Trade my jeans, tennis shoes and pocket knife to a Creek Indian for a change of clothes and some barter goods (should get a good many) then to the trading post in what’s now downtown and book passage to D.C. to meet Jefferson. This was back in the days when you could just show up at the White House and have a reasonable chance of seeing the president. From there, discuss science and modern architecture (I’m far from an expert but I know what the layperson knows, and just the itty bitty abstract stuff about quantum physics would probably blow his mind). I’d tell him to invest in cotton land and cotton gins, and about the Great Salt Lake/Rockies/Grand Canyon/etc., and try to get funding to go there. Which of course I’d spend on lots in Manhattan instead of course and bequeath to myself in the event that I make it back one day.
The first European-American settlers didn’t get to my area until 1854. I don’t speak Lummi. I suspect I’d be the one doing all of the learning.
Only if you have some experiments lined up. I suggest the double-slit experiment, to begin with.
Really? I thought muzzle-loading flintlocks would still have been standard issue.
Modern crypto is effectively impossible without computers to do the arithmetic for you. You’d do a lot better to create some purely mechanical rotor machine. (Note that recreating the Enigma is out: It was electromechanical and reliable electricity is just under a century in the future.)
I think long guns were being made on assembly lines in the late 1700s, but I could be wrong.
As for me: Lewis and Clark had left my region years ago by 1809, so I can’t link up with them. Most of the people around here would be Native Americans who are only in the region seasonally, and March can be an iffy time: If I land in the middle of a wintry period, I die quickly from freezing to death. If I land in a more temperate season, I likely die slowly from starvation or being killed by a wild animal: Coyotes still exist here and wolves were endemic as well prior to widespread ranching. For reference, tomorrow’s high is 25° F and the low is 0° F. Monday will go from 7° F to -10° F. It was in the high 40s yesterday.
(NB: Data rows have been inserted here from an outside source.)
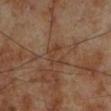| feature | finding |
|---|---|
| biopsy status | catalogued during a skin exam; not biopsied |
| subject | male, roughly 70 years of age |
| lighting | cross-polarized illumination |
| imaging modality | total-body-photography crop, ~15 mm field of view |
| body site | the left lower leg |
| automated metrics | roughly 5 lightness units darker than nearby skin and a lesion-to-skin contrast of about 5 (normalized; higher = more distinct); an automated nevus-likeness rating near 0 out of 100 and a detector confidence of about 100 out of 100 that the crop contains a lesion |

Assuming I survive the environment, I’d be doing unskilled manual labor for whoever deigns to give me food and board. I think that, in addition to the Indians, trappers were in this region in 1809 and there’s probably a higher likelihood of one of them speaking English.
As for what I could teach people: The Heimlich maneuver, basic CPR, and a healthy respect for handwashing. Those are likely my best, most practical bits of knowledge.
Wow. I’d be in western China, with minimal speaking skills. My city has been pretty well established for the last 3,000 years or so. But I can’t imagine they’d have had much experience with westerners, especially western women.
I’d try to find some missionaries who could get me to a larger city. There I would hope to marry a diplomat or something. God knows what they’d think about my strange accent and terrible manners.
Hmm. 200 years ago in the mountains in Idaho.
Head south, and hope and pray I run into some friendly natives who know how to live off the land and not freeze to death, before I starve and freeze.
I’d be screwed, mostly. I’m in my sweatpants, but I do have my shoes on. I’d be in the Sonoran desert. Fortunately, there’s an archeological site that shows this was a popular area for the Hohokam. Near a creek, hilly areas good for hunting. I’d have to hook up with them, Flagstaff is 60 miles north, Tucson 180 mi south. But Flagstaff isn’t even a military bivuac until 1855. I might meet someone on the way to Tucson, If I pick up enough survival skills from the Indians to feel comfortable walking that far.
For a long term plan, I’d fall back on what I did in a time travelling D&D game once. Introduce pizza to the populace. Everyone loves pizza, I’d get rich!!!
Slavery wasn’t abolished in NY until the 1820s, so the first thing I’m doing is going to Canada. Better safe than sorry. I might try to educate people about the importance of cleanliness in health care, but I’d probably just lay low and try to blend in. Maybe write down as much as I could remember from that period of history and become a modern (accurate) Nostradamus. I wouldn’t live to see it, but it could be kind of cool to have a little religion spring up from my ability to tell the future.
I would teach them the Electric Slide, the Macarena and the Chicken Dance. Also some simple break dance techniques and maybe the Moonwalk. I hope this would have hilarious and catastrophic results on future generations, but it would probably get me burned at the stake - even if they had to specifically re-institute that punishment just for me.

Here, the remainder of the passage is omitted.